Ms. O'Hartigan and the Oregon Bureau of Labor and Industries believe she was discriminated against when the law firm where she worked would not buy health insurance that covered such treatment for transsexuals, as well as other women.

She now has taken her case to Federal court, seeking a ruling that her condition caused by the sex change constitutes a disability that should be protected by the Americans with Disabilities Act. But the ADA says that transsexualism and gender-identity disorders are not disabilities.

Ms. O'Hartigan's lawyer, Tom Steenson, interprets the ADA as saying only that transsexualism itself is not a disability-not resulting in physical impairments, such as Ms. O'Hartigan's hypoestrogenism. "We think state and Federal law covers her situation," he said.

Ms. O'Hartigan is not one to let rules block her path: In 1979, she got the state of Minnesota to pay for her sex change surgery, and recently, the Portland-area Metropolitan Human Rights Commission to vote to protect transexuals under the city's human rights ordinance.

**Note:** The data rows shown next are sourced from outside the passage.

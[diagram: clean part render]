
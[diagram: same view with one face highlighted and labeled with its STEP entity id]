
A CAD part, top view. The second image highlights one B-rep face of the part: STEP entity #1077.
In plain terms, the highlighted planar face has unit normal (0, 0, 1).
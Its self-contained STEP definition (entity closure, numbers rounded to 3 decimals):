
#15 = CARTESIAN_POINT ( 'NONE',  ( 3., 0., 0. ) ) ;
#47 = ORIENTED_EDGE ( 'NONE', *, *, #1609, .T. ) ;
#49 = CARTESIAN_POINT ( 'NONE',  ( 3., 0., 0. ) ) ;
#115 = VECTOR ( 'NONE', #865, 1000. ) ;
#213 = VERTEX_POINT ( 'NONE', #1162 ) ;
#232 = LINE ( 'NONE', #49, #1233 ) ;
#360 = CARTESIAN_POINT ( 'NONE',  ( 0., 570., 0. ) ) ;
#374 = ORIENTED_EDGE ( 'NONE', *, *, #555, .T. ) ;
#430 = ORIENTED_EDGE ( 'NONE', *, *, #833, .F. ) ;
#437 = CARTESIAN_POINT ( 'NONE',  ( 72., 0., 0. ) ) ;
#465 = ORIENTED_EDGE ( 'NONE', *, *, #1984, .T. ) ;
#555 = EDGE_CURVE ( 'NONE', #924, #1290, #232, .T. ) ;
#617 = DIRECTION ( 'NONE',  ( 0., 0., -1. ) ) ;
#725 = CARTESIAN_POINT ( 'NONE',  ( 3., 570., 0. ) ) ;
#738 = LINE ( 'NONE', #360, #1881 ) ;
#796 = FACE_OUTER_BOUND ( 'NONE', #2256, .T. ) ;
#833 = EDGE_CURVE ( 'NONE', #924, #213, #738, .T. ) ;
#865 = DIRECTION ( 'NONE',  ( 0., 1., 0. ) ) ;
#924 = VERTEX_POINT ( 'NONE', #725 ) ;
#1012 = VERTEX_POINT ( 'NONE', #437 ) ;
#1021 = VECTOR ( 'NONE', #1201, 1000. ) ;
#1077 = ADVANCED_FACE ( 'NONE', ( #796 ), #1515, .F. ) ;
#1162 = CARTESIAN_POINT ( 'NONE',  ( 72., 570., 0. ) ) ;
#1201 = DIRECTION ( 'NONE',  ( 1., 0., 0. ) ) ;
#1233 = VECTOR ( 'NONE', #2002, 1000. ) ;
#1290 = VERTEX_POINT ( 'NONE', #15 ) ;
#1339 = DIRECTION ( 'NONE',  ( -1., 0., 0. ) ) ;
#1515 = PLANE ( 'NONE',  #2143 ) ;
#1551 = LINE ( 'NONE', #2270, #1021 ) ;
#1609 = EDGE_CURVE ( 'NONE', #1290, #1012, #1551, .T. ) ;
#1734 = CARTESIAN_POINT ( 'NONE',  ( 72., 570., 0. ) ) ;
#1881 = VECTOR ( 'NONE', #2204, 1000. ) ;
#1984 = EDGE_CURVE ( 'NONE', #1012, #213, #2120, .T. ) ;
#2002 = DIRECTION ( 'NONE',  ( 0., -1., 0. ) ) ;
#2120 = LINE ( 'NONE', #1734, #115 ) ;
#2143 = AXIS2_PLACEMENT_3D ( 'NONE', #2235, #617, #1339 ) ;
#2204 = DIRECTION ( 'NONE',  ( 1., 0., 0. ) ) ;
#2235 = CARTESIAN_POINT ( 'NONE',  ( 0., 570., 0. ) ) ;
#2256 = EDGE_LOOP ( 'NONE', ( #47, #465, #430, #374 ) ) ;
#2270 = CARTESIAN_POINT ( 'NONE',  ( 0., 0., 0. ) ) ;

The Portland law firm where Ms. O'Hartigan worked as a secretary-VavRosky, MacColl, Olson, Doherty & Miller-told the state it was not aware she was having trouble with insurance coverage. "We didn't discriminate. We've held that position straightforward through the proceedings until now," said Dennis VavRosky, a member of the firm.

To be protected by the ADA, a disability must substantially impair a major life activity-such as breathing, sleeping, working, walking, eating, lifting, or standing, said attorney Ken Lehrman, director of the University of Oregon's affirmative action and equal oopportunity office.

Possibly helping Ms. O'Hartigan's case are several court rulings that say some conditions are protected under the ADA, Mr. Lehrman said. For instance, in 1993, a Federal court in Rhode Island ruled that morbid obesity is a protected disability, and an obese nurse's employer should make reasonable accommodations so she can do her job.

Not Employers' Responsibility

On the other hand, Mr. Lehrman continued, employers are not required to provide personal-use item, such as wheelchairs, except for use on the job.

"I would be shocked if a court held that an employer had to provide medication for the employee," Mr. Lehrman said.

Initially, the state Bureau of Labor and Industries rejected Ms. O'Hartigan's claim. But the agency gave it a second look after realizing it must interpret Oregon's disability discrimination law in accordance with the Federal Rehabilitation Act, which covers transsexuals' disabilities, instead of the ADA.

The bureau recently found substantial evidence that the law firm discriminated against Ms. O'Hartigan because of her disability. Shortly after that, the Oregon legislature amended the state's law to exclude disorders such as pyromania and kleptomania, but not transsexualism, bureau spokesperson Joan Stevens-Schwenger said.

The agency also found that Ms. O'Hartigan's employer had not tried very hard to find an insurance company that would cover her needs. The bureau found two such insurers: Oregon Medical Insurance Pool and Standard Insurance.

Ms. O'Hartigan has withdrawn a complaint to the bureau alleging the law firm later fired her in retaliation, and instead raises that claim in her lawsuit.